What the exercise asks: Among these records, which lines include "heavy"? Copy them out.

The records:
....

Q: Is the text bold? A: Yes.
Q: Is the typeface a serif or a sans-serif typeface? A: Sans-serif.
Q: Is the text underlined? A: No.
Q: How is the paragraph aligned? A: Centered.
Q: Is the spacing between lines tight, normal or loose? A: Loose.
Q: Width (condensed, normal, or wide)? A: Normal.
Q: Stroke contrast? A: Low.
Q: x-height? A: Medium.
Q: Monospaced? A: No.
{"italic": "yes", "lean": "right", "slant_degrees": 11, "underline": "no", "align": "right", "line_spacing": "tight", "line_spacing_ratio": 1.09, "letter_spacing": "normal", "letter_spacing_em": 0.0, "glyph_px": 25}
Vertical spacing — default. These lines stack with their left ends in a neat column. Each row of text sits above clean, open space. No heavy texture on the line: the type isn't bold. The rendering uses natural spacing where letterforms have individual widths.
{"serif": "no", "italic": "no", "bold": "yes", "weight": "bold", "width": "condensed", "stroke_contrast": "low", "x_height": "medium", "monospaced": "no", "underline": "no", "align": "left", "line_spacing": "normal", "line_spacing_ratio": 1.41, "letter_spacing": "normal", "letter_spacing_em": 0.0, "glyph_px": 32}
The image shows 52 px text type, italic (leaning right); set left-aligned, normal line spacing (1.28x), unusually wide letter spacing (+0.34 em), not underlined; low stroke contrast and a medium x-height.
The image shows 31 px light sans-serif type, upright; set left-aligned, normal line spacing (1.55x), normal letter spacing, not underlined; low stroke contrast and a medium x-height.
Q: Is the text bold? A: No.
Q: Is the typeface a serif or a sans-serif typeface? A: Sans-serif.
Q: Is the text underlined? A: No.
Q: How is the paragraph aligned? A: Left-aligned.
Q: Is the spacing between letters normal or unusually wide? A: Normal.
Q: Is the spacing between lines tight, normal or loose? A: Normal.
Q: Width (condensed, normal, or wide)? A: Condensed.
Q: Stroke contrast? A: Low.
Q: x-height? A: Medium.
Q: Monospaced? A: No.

....

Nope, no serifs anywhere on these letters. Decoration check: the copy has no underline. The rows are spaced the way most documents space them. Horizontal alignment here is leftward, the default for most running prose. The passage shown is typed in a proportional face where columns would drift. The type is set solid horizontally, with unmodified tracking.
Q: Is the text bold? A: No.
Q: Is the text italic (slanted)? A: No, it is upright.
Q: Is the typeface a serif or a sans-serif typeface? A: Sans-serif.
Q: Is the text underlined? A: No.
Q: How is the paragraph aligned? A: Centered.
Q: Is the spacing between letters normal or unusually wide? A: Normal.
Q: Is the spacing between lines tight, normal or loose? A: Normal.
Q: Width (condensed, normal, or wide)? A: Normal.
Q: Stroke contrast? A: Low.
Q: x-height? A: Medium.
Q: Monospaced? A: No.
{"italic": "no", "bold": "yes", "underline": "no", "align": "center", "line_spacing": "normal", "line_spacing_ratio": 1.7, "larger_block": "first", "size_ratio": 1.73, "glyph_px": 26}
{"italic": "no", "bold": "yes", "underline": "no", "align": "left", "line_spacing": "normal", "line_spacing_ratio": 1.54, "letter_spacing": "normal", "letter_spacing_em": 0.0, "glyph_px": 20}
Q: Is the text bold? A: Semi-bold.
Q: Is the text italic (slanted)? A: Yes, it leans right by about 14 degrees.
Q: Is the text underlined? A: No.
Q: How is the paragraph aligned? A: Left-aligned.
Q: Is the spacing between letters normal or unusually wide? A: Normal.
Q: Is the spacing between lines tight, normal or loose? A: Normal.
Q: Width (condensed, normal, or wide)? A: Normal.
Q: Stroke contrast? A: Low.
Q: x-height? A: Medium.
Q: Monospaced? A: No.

....

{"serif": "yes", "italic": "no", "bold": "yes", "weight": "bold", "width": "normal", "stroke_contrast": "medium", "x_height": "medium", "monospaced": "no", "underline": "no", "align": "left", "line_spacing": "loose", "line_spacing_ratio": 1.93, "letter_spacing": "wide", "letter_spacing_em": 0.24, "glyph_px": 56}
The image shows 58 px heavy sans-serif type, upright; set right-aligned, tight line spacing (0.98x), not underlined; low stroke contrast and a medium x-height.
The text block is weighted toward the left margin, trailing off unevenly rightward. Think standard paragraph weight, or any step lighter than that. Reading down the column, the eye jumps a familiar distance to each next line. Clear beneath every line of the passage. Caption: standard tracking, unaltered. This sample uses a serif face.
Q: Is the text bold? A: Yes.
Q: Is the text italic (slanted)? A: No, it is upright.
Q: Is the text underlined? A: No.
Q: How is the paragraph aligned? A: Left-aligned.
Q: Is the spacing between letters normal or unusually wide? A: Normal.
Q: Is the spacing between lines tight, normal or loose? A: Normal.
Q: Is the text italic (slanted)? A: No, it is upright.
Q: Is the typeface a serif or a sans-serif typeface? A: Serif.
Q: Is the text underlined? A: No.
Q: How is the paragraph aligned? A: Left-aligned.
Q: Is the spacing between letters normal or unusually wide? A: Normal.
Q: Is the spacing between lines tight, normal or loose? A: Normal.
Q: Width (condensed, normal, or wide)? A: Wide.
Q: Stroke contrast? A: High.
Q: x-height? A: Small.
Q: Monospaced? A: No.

....

Answer below:
Vertical spacing — default. These lines stack with their left ends in a neat column. Each row of text sits above clean, open space. No heavy texture on the line: the type isn't bold. The rendering uses natural spacing where letterforms have individual widths.
The image shows 58 px heavy sans-serif type, upright; set right-aligned, tight line spacing (0.98x), not underlined; low stroke contrast and a medium x-height.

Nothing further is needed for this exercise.